- **DATA**
============================================================

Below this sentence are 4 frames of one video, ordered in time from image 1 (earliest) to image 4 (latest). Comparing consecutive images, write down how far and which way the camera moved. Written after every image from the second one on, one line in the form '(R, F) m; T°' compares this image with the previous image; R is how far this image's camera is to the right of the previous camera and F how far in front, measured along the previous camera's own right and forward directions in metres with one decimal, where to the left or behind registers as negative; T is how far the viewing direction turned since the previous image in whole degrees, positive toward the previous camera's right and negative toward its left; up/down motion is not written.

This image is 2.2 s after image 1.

============================================================

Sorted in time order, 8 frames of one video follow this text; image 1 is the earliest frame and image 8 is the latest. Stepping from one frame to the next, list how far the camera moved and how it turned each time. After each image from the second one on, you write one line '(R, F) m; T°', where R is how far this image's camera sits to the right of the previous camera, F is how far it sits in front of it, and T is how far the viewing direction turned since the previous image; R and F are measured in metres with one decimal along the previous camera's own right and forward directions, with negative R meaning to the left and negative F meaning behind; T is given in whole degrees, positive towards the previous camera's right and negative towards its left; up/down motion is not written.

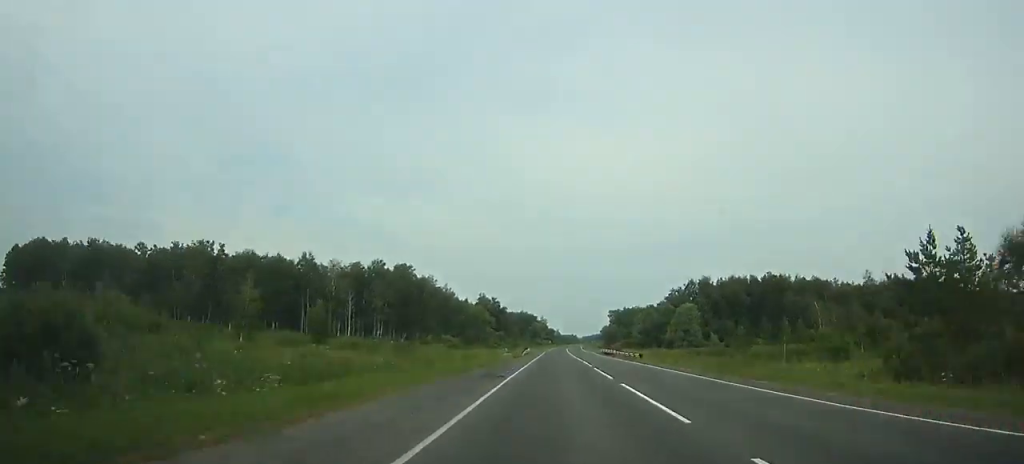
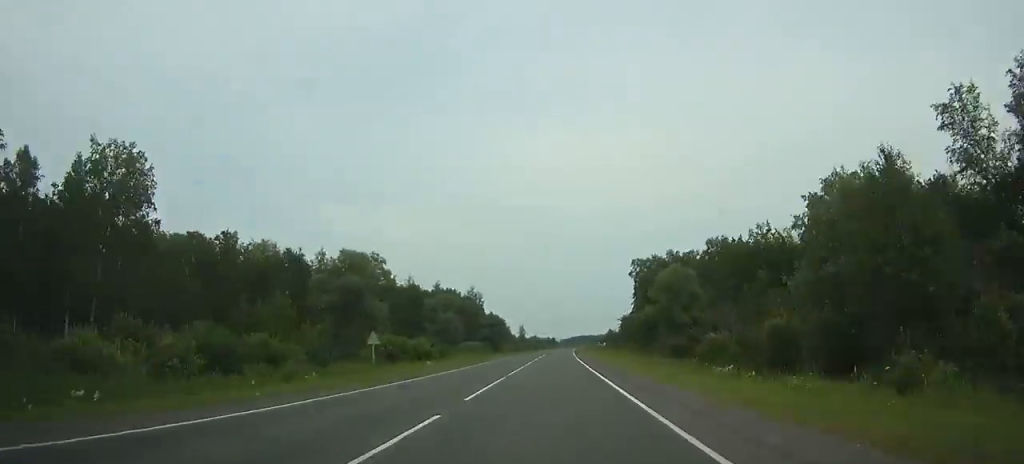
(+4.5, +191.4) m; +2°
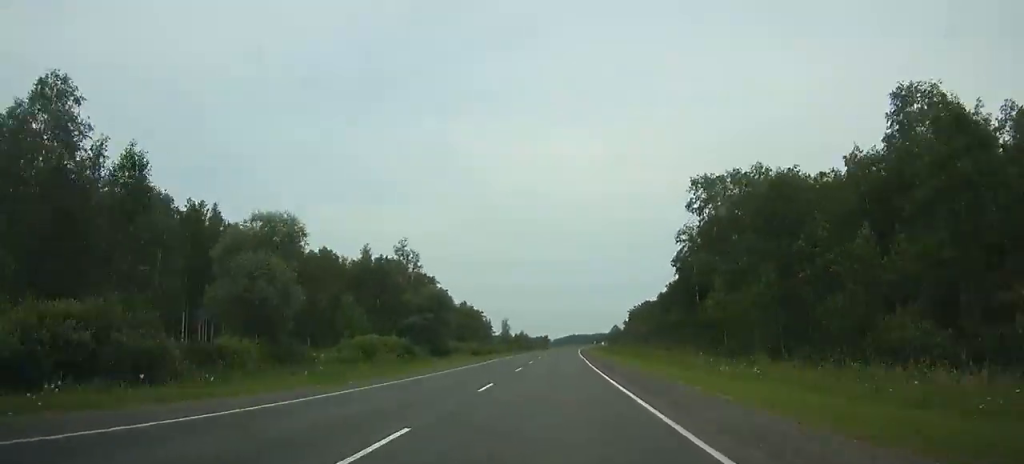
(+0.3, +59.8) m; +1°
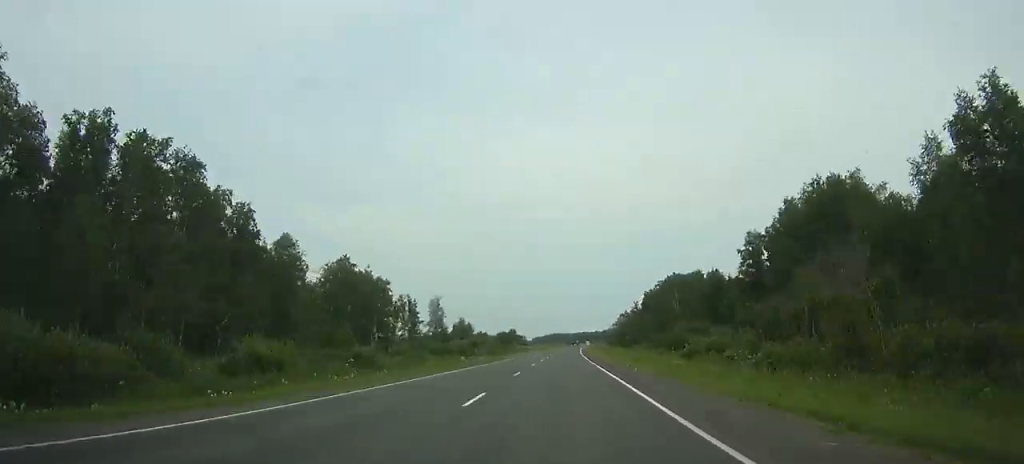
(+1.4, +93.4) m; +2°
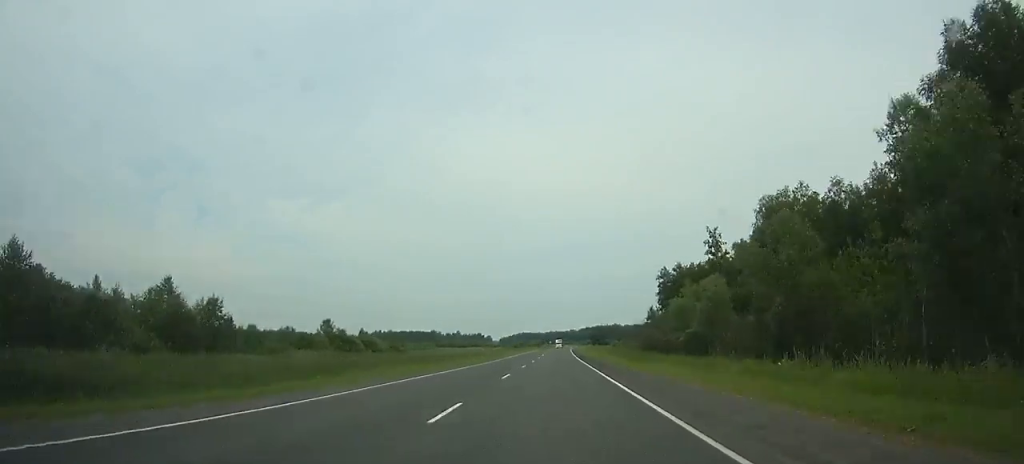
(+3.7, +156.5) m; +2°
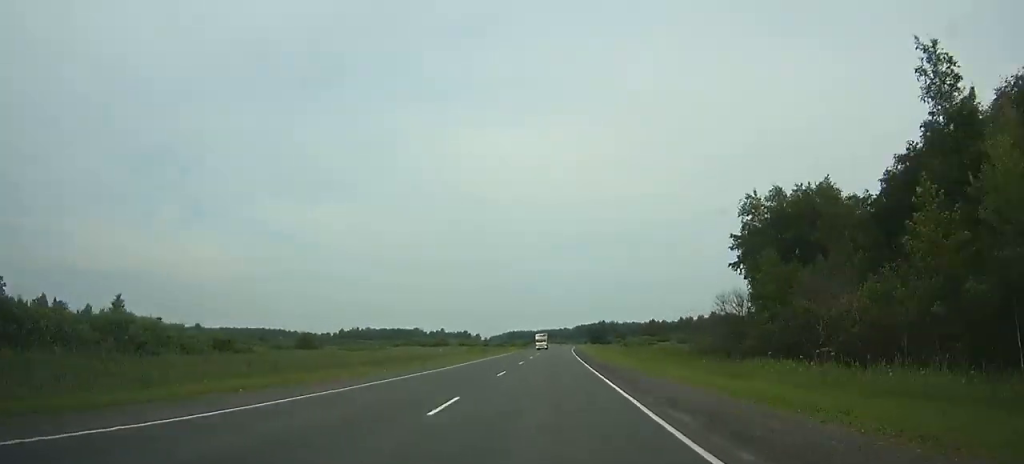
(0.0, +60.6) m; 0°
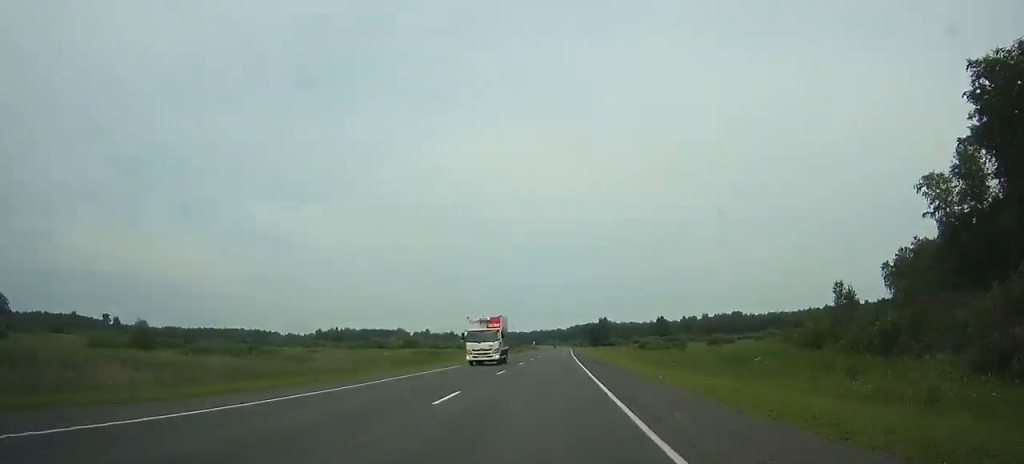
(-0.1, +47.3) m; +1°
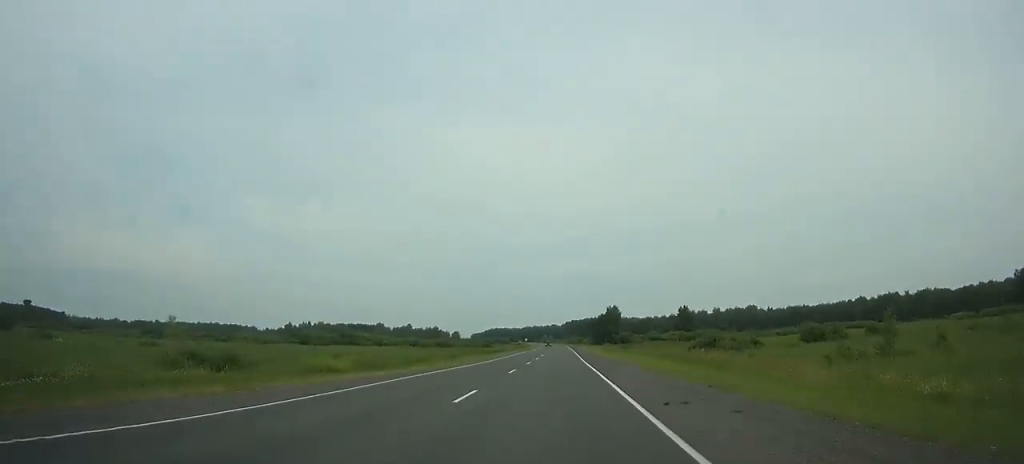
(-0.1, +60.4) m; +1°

============================================================

- **PROMPT**
Repeat, exactly as they stand above, the lines from the line with "Below this sentence" to the line with "This image is 2.2 s after image 1.", both lines included.

- **ANSWER**
Below this sentence are 4 frames of one video, ordered in time from image 1 (earliest) to image 4 (latest). Comparing consecutive images, write down how far and which way the camera moved. Written after every image from the second one on, one line in the form '(R, F) m; T°' compares this image with the previous image; R is how far this image's camera is to the right of the previous camera and F how far in front, measured along the previous camera's own right and forward directions in metres with one decimal, where to the left or behind registers as negative; T is how far the viewing direction turned since the previous image in whole degrees, positive toward the previous camera's right and negative toward its left; up/down motion is not written.

This image is 2.2 s after image 1.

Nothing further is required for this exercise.